Diego Manzanas Lopez, PhD is a Computer Science (CS) Postdoctoral Scholar at the Institute for Software Integrated Systems at Vanderbilt University, where he received his Ph.D. degree in electrical engineering in 2022. His main research interests lie in the intersection of Cyber-Physical Systems (CPS), deep learning (DL) and formal methods. During his research career, he has published over 25 papers in the areas of formal verification for autonomous systems with learning enable components (LECs), and the formal verification of deep learning models such Convolutional Neural Networks and Neural Ordinary Differential Equations, in venues such as CAV, EMSOFT, FM, FORMATS, and JAT. He has also contributed to the development of the open-source Neural Network Verification (NNV) software tool to implement these techniques and formally verify case studies in multiple domains including semantic segmentation, image classification, and control systems for safety-critical applications. He also enjoys working with autonomous vehicles, as he has been a member of the Vanderbilt team during his PhD in two F1/10 competitions (2019 CPS-IoT Week and 2019 Embedded Systems week) and at the 2019 NSF CPS Challenge.

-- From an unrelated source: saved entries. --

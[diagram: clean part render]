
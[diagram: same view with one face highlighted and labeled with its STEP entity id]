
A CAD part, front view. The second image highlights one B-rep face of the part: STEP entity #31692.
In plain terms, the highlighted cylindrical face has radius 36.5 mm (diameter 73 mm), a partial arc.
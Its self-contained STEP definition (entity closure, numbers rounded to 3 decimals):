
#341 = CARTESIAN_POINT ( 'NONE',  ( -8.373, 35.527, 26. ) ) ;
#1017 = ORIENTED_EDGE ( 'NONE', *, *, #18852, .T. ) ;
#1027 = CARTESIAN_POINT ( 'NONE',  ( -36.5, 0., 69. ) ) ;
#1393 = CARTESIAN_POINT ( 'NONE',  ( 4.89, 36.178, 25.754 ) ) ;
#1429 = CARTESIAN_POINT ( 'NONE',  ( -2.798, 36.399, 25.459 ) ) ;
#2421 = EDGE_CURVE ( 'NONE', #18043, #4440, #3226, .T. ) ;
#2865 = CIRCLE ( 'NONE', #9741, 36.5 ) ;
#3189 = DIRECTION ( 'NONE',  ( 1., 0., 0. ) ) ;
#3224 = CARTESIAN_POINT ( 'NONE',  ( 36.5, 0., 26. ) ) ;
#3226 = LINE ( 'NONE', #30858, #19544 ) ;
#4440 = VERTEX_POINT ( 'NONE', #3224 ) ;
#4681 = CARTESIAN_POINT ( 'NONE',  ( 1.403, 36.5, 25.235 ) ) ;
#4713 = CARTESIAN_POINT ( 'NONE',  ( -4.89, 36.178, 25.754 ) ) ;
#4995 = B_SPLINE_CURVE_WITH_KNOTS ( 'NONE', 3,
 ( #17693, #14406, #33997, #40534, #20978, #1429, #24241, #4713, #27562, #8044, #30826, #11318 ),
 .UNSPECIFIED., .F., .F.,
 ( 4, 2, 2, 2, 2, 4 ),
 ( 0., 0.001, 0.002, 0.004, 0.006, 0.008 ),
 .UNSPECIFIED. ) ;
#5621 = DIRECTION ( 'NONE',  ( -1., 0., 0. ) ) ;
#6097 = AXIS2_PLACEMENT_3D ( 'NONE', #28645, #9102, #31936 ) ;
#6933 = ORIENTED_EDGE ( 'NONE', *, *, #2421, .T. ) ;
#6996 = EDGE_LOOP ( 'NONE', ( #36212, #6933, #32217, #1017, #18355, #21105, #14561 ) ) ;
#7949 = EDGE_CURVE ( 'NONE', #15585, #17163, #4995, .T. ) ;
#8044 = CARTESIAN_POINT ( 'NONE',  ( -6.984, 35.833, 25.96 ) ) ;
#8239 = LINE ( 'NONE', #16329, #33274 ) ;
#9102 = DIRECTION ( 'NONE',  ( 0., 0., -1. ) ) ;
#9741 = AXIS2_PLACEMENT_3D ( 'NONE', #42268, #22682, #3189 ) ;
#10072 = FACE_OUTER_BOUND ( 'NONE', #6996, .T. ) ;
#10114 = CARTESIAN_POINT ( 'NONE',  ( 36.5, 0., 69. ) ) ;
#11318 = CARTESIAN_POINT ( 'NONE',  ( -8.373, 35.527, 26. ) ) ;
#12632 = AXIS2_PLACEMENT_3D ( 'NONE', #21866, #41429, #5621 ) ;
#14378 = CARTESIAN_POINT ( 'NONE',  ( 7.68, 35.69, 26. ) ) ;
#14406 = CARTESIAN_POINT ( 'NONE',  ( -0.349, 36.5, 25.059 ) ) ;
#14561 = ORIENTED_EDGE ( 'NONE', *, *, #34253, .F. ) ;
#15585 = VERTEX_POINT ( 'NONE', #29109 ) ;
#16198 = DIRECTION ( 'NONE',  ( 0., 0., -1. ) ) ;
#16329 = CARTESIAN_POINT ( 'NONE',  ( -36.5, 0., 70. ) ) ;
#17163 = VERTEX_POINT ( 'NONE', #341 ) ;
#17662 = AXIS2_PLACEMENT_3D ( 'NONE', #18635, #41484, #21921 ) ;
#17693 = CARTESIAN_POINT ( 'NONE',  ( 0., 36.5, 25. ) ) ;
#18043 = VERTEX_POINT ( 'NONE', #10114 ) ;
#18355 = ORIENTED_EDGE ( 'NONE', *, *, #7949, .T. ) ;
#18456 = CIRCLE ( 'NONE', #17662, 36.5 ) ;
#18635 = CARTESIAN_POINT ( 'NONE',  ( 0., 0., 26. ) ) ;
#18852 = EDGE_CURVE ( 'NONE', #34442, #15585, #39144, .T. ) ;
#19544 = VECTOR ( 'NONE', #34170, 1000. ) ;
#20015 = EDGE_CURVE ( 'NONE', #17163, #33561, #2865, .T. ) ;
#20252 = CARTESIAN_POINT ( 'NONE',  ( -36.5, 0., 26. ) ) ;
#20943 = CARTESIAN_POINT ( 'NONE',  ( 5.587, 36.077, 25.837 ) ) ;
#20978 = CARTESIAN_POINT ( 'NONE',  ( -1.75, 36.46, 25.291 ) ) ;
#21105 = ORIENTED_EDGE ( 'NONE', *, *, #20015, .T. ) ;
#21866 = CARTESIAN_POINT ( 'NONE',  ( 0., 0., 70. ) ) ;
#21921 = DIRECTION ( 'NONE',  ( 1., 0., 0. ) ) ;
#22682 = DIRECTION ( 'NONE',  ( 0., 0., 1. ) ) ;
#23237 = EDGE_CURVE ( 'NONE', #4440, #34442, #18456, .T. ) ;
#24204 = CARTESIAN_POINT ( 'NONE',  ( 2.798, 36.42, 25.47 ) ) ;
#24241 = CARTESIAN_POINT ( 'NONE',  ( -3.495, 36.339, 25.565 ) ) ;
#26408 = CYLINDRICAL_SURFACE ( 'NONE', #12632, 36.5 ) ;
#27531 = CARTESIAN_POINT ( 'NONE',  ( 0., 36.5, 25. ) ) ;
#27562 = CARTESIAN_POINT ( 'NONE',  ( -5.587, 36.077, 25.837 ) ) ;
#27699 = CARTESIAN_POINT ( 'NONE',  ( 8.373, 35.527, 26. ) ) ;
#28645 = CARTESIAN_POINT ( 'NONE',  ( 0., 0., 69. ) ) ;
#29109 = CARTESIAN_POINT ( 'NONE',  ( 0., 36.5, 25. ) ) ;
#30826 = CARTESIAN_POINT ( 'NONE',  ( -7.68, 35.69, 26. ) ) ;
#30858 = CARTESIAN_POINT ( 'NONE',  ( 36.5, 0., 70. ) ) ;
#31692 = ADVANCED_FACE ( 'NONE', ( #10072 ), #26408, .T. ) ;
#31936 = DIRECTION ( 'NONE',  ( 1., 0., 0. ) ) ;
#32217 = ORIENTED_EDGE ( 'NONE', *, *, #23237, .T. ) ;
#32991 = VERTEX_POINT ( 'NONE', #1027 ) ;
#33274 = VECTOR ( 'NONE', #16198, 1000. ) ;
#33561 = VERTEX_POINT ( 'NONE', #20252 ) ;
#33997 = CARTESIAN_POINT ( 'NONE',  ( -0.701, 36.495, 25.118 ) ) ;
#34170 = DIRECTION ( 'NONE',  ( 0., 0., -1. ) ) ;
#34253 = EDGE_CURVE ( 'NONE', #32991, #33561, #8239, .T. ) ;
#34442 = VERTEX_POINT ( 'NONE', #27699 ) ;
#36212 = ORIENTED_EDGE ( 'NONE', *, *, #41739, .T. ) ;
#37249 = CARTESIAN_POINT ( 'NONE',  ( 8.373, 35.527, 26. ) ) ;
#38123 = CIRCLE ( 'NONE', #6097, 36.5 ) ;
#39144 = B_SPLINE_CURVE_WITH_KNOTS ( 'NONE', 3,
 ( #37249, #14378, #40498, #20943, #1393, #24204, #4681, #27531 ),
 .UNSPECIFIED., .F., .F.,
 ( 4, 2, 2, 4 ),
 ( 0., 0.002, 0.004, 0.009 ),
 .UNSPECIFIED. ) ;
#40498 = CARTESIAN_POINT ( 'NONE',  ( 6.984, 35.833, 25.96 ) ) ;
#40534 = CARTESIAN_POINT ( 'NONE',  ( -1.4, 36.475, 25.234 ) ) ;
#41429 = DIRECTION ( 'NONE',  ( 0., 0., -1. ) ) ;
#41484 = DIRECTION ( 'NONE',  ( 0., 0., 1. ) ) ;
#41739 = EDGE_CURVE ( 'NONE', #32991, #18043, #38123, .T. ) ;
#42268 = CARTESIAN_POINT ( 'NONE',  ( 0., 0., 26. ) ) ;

Taylor T. Johnson, PhD, PE is A. James and Alice B. Clark Foundation Chancellor Faculty Fellow and Associate Professor of Computer Science (CS) at Vanderbilt University, where he directs the Verification and Validation for Intelligent and Trustworthy Autonomy Laboratory (VeriVITAL) and is a Senior Research Scientist in the Institute for Software Integrated Systems (ISIS). Dr. Johnson’s research focus is developing formal verification techniques and software tools for cyber-physical systems (CPS), with a focus most recently on autonomous CPS that incorporate artificial intelligence (AI) and machine learning (ML) components, such as neural networks, for tasks ranging from sensing/ perception through planning/control. Dr. Johnson has published around a hundred papers on these methods and their applications across CPS domains, such as power and energy systems, aerospace and avionics systems, automotive systems, transportation systems, and robotics in venues such as CAV, EMSOFT, FM, ICCPS, ICDM, ICSE, MEMOCODE, NFM, RTSS, TNNLS, and UAI. Dr. Johnson received the AFOSR Summer Faculty Fellowship Program (SFFP) award to visit the Air Force Research Laboratory (AFRL)’s Information Directorate in 2015, was a Visiting Faculty Research Program (VFRP) award fellow at AFRL’s Information Directorate in 2014, and was a visiting graduate research assistant through an SFFP award at AFRL’s Space Vehicles Directorate at Kirtland Air Force Base in 2011. Taylor is a 2018 and 2016 recipient of the AFOSR Young Investigator Program (YIP) award, a 2015 recipient of the NSF Computer and Information Science and Engineering (CISE) Research Initiation Initiative (CRII), and his research is / has been supported by AFRL, AFOSR, ARO, DARPA, Mathworks, NSA, NSF (CISE CCF/SHF, 4 CCF/FMitF, CNS/CPS; ENG ECCS/EPCN), NVIDIA, ONR, Toyota, and USDOT.